Division is a real-world skill, so it's important for your child to develop the ability to divide numbers correctly. To begin, your child needs to understand how the mathematical operations of division and multiplication relate to each other. If he or she is struggling, introduce division at home through multiplication. For instance, instead of writing a problem like this: 12 ÷ 4 = 3, write it like this: 4 x ? = 12.

Division Puzzle

Use the front of an empty cereal box to create division puzzles for your child. Begin by cutting the front cover into random pieces that will fit together as a puzzle. On the back of one puzzle piece, write a division problem. On its adjoining piece, write the answer. Your child can then use division to put the puzzle together.

Painting Math

Before beginning this activity with your child, model various division problems using paint and paper. For example, the problem 22 ÷ 5 would be represented by painting four rows of five circles and one row of two circles on the paper. The two 'extra' paint circles would be the remainder for this problem. Ask your child to write out the equation based on your drawing. In this case, it would be 22 ÷ 5 = 4 R2. This approach will help your child if he or she is artistic or a visual learner.
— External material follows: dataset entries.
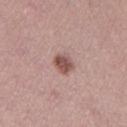Clinical impression:
Imaged during a routine full-body skin examination; the lesion was not biopsied and no histopathology is available.
Acquisition and patient details:
A female patient approximately 40 years of age. This image is a 15 mm lesion crop taken from a total-body photograph. The lesion is on the left thigh.
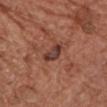TBP lesion metrics = a shape eccentricity near 0.7; a mean CIELAB color near L≈38 a*≈22 b*≈24, roughly 10 lightness units darker than nearby skin, and a normalized lesion–skin contrast near 9.5; border irregularity of about 3.5 on a 0–10 scale, internal color variation of about 3 on a 0–10 scale, and a peripheral color-asymmetry measure near 1
subject = female, roughly 75 years of age
diameter = ~3 mm (longest diameter)
image = ~15 mm crop, total-body skin-cancer survey
anatomic site = the front of the torso
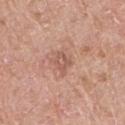Q: Is there a histopathology result?
A: total-body-photography surveillance lesion; no biopsy
Q: What kind of image is this?
A: 15 mm crop, total-body photography
Q: What are the patient's age and sex?
A: male, aged 63 to 67
Q: What lighting was used for the tile?
A: white-light illumination
Q: How large is the lesion?
A: ≈3 mm
Q: Lesion location?
A: the left upper arm
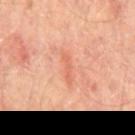Clinical impression:
Imaged during a routine full-body skin examination; the lesion was not biopsied and no histopathology is available.
Background:
This image is a 15 mm lesion crop taken from a total-body photograph. The lesion is located on the mid back. Imaged with cross-polarized lighting. Approximately 4 mm at its widest. A male patient aged around 65.
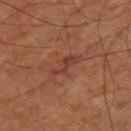Impression: No biopsy was performed on this lesion — it was imaged during a full skin examination and was not determined to be concerning. Image and clinical context: Cropped from a whole-body photographic skin survey; the tile spans about 15 mm. The subject is aged approximately 65. Automated tile analysis of the lesion measured roughly 7 lightness units darker than nearby skin and a normalized lesion–skin contrast near 6.5. The analysis additionally found border irregularity of about 6 on a 0–10 scale and radial color variation of about 0.5. Approximately 4 mm at its widest. The lesion is located on the right thigh. This is a cross-polarized tile.
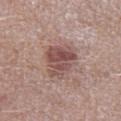This lesion was catalogued during total-body skin photography and was not selected for biopsy. Measured at roughly 5.5 mm in maximum diameter. Captured under white-light illumination. Located on the left lower leg. Cropped from a whole-body photographic skin survey; the tile spans about 15 mm. A male subject about 50 years old.
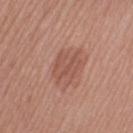Q: Where on the body is the lesion?
A: the right thigh
Q: Lesion size?
A: about 4.5 mm
Q: Automated lesion metrics?
A: a shape eccentricity near 0.65 and two-axis asymmetry of about 0.3; a mean CIELAB color near L≈53 a*≈23 b*≈27, a lesion–skin lightness drop of about 8, and a lesion-to-skin contrast of about 5.5 (normalized; higher = more distinct); a nevus-likeness score of about 10/100
Q: What kind of image is this?
A: total-body-photography crop, ~15 mm field of view
Q: What are the patient's age and sex?
A: female, roughly 55 years of age
Q: Illumination type?
A: white-light illumination
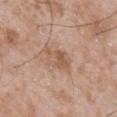biopsy status: no biopsy performed (imaged during a skin exam)
lesion size: about 4 mm
body site: the mid back
acquisition: total-body-photography crop, ~15 mm field of view
lighting: white-light
subject: male, in their 50s
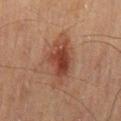Q: Is there a histopathology result?
A: catalogued during a skin exam; not biopsied
Q: Lesion size?
A: ~7 mm (longest diameter)
Q: Illumination type?
A: cross-polarized
Q: Lesion location?
A: the mid back
Q: Automated lesion metrics?
A: an area of roughly 16 mm², a shape eccentricity near 0.9, and a shape-asymmetry score of about 0.3 (0 = symmetric); an average lesion color of about L≈36 a*≈20 b*≈25 (CIELAB); a within-lesion color-variation index near 5/10 and radial color variation of about 1.5; a lesion-detection confidence of about 100/100
Q: What are the patient's age and sex?
A: male, in their 70s
Q: What is the imaging modality?
A: 15 mm crop, total-body photography
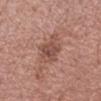follow-up: imaged on a skin check; not biopsied | location: the arm | image-analysis metrics: an average lesion color of about L≈50 a*≈22 b*≈26 (CIELAB); border irregularity of about 4.5 on a 0–10 scale; an automated nevus-likeness rating near 0 out of 100 and lesion-presence confidence of about 100/100 | imaging modality: 15 mm crop, total-body photography | lesion size: ≈4 mm | subject: female, aged 53–57.
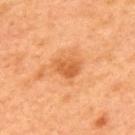Impression:
The lesion was photographed on a routine skin check and not biopsied; there is no pathology result.
Image and clinical context:
A male patient about 50 years old. About 3 mm across. The total-body-photography lesion software estimated an area of roughly 6 mm². The analysis additionally found a mean CIELAB color near L≈60 a*≈30 b*≈46, a lesion–skin lightness drop of about 10, and a lesion-to-skin contrast of about 7 (normalized; higher = more distinct). Captured under cross-polarized illumination. From the upper back. A lesion tile, about 15 mm wide, cut from a 3D total-body photograph.
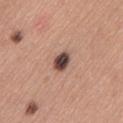Clinical impression:
The lesion was tiled from a total-body skin photograph and was not biopsied.
Clinical summary:
Imaged with white-light lighting. A female subject, aged around 30. The lesion-visualizer software estimated a lesion area of about 4.5 mm² and a shape eccentricity near 0.8. The software also gave a mean CIELAB color near L≈45 a*≈18 b*≈22 and about 20 CIELAB-L* units darker than the surrounding skin. The software also gave a border-irregularity rating of about 2/10 and radial color variation of about 2. The analysis additionally found an automated nevus-likeness rating near 55 out of 100 and lesion-presence confidence of about 100/100. Located on the left thigh. A 15 mm crop from a total-body photograph taken for skin-cancer surveillance. Approximately 3 mm at its widest.
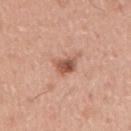Case summary:
* follow-up: catalogued during a skin exam; not biopsied
* size: ≈2.5 mm
* subject: male, in their mid- to late 40s
* automated metrics: an area of roughly 4.5 mm², a shape eccentricity near 0.55, and a symmetry-axis asymmetry near 0.25
* body site: the right upper arm
* tile lighting: white-light
* image source: ~15 mm crop, total-body skin-cancer survey
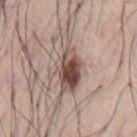Captured during whole-body skin photography for melanoma surveillance; the lesion was not biopsied. A male patient aged 73 to 77. Longest diameter approximately 8 mm. Imaged with white-light lighting. This image is a 15 mm lesion crop taken from a total-body photograph. Automated tile analysis of the lesion measured an area of roughly 15 mm², an eccentricity of roughly 0.9, and a symmetry-axis asymmetry near 0.45. The analysis additionally found a mean CIELAB color near L≈51 a*≈16 b*≈22, about 15 CIELAB-L* units darker than the surrounding skin, and a normalized border contrast of about 10. The software also gave a border-irregularity index near 6.5/10 and internal color variation of about 10 on a 0–10 scale. The lesion is located on the abdomen.
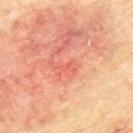{
  "biopsy_status": "not biopsied; imaged during a skin examination",
  "patient": {
    "sex": "male",
    "age_approx": 70
  },
  "site": "upper back",
  "image": {
    "source": "total-body photography crop",
    "field_of_view_mm": 15
  }
}
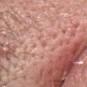Image and clinical context: An algorithmic analysis of the crop reported an area of roughly 1 mm², an outline eccentricity of about 0.85 (0 = round, 1 = elongated), and two-axis asymmetry of about 0.35. And it measured a border-irregularity index near 3/10 and internal color variation of about 0 on a 0–10 scale. The software also gave lesion-presence confidence of about 65/100. The lesion is located on the head or neck. This is a white-light tile. This image is a 15 mm lesion crop taken from a total-body photograph. Measured at roughly 1.5 mm in maximum diameter. The subject is a female in their mid-50s. Conclusion: The biopsy diagnosis was an intradermal melanocytic nevus — a benign skin lesion.
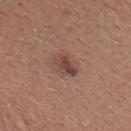biopsy_status: not biopsied; imaged during a skin examination
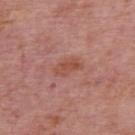Q: Was this lesion biopsied?
A: total-body-photography surveillance lesion; no biopsy
Q: What are the patient's age and sex?
A: male, aged 73 to 77
Q: What is the imaging modality?
A: 15 mm crop, total-body photography
Q: Lesion location?
A: the upper back
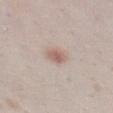Q: Was a biopsy performed?
A: no biopsy performed (imaged during a skin exam)
Q: Illumination type?
A: white-light illumination
Q: Who is the patient?
A: female, about 25 years old
Q: What is the lesion's diameter?
A: about 2.5 mm
Q: Lesion location?
A: the left thigh
Q: How was this image acquired?
A: ~15 mm tile from a whole-body skin photo
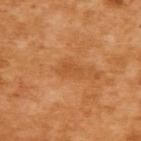Part of a total-body skin-imaging series; this lesion was reviewed on a skin check and was not flagged for biopsy. The subject is a female roughly 55 years of age. A roughly 15 mm field-of-view crop from a total-body skin photograph. The lesion is located on the upper back.
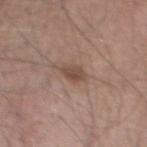Image and clinical context:
A male subject, aged 53–57. A lesion tile, about 15 mm wide, cut from a 3D total-body photograph. Captured under white-light illumination. About 2.5 mm across. The lesion is on the chest. The total-body-photography lesion software estimated a footprint of about 4.5 mm² and an outline eccentricity of about 0.6 (0 = round, 1 = elongated). The software also gave a border-irregularity rating of about 2.5/10 and a color-variation rating of about 2.5/10. It also reported a classifier nevus-likeness of about 75/100 and lesion-presence confidence of about 100/100.

Switch roles and give a division problem to your child so he or she can paint it. If your child struggles with problems that have remainders, include a few easier problems to boost his or her confidence. Easier problems may include 30 ÷ 5 or 16 ÷ 8.

Cookie Fun

Spend some time baking cookies with your child and incorporate a little division practice as well. Have your child evenly divide the cookies into treat bags for family members. Before beginning the division process, decide how many cookies will be going into each bag. Your child will also need to know the total number of cookies and how many family members will receive a treat bag.

After evenly dividing the cookies, ask your child to demonstrate the process in a written format. If there were five family members and 16 cookies total, then the equation would look like this: 16 ÷ 5 = 3 R1.